*Problem statement*
In the listing below, find the line that contains "reward of it you" and the line that contains "began on 1^st Day evening, & rather encreases". Quote both and every line between them, exactly, and nothing more.

*Data for this exercise*
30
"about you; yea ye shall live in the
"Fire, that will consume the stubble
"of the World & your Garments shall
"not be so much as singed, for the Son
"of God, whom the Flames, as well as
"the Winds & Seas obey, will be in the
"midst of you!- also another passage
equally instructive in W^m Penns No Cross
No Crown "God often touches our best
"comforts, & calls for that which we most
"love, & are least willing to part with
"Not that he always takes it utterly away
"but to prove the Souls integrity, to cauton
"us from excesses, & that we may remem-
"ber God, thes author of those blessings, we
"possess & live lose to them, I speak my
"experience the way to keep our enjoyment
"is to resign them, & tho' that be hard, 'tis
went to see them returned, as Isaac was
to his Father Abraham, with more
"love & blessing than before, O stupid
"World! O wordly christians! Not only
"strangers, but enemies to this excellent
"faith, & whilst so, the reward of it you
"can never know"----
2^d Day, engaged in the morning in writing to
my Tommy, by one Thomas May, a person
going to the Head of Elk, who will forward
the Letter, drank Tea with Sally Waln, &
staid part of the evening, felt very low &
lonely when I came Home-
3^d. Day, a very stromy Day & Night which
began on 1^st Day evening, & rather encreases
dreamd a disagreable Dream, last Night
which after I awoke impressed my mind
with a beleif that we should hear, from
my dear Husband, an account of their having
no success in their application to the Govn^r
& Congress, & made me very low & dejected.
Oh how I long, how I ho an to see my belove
--
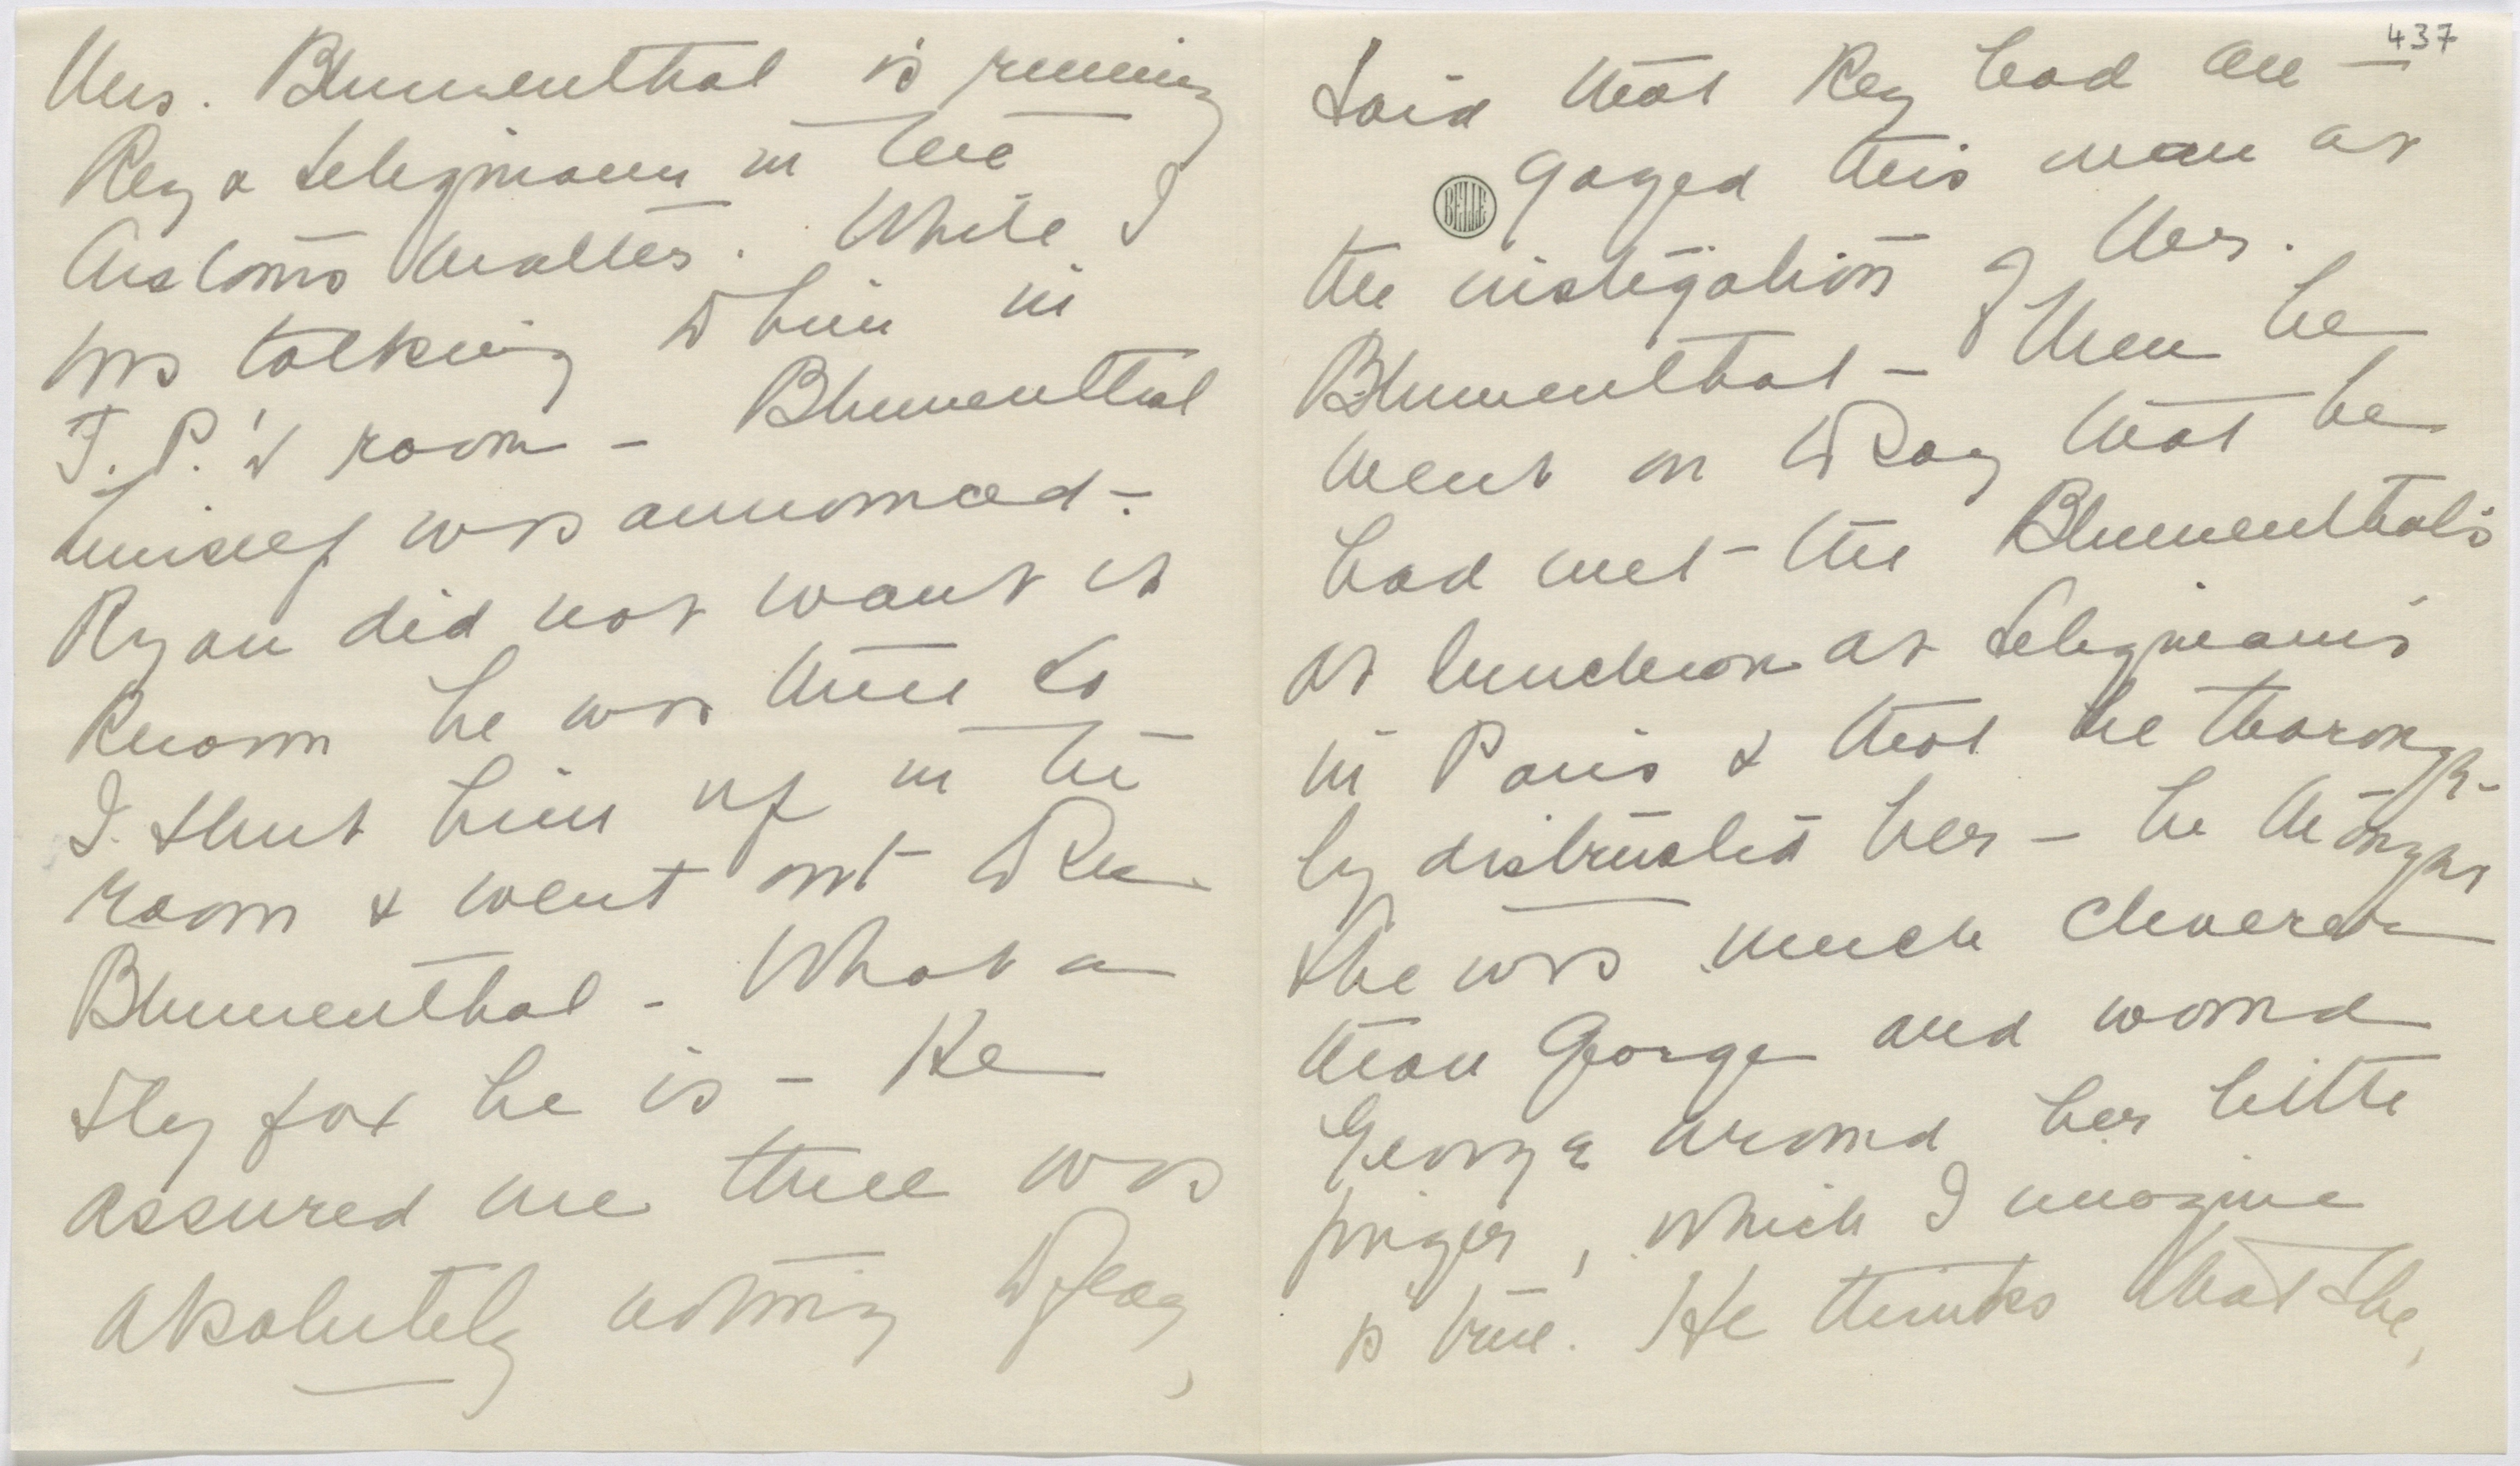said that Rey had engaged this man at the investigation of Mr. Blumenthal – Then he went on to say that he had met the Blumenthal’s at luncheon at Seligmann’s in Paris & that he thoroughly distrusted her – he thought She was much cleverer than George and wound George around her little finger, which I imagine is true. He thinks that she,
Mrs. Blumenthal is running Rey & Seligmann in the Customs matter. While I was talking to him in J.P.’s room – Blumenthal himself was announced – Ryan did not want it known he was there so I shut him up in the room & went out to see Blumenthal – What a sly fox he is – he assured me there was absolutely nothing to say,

*Response to this exercise*
"faith, & whilst so, the reward of it you
"can never know"----
2^d Day, engaged in the morning in writing to
my Tommy, by one Thomas May, a person
going to the Head of Elk, who will forward
the Letter, drank Tea with Sally Waln, &
staid part of the evening, felt very low &
lonely when I came Home-
3^d. Day, a very stromy Day & Night which
began on 1^st Day evening, & rather encreases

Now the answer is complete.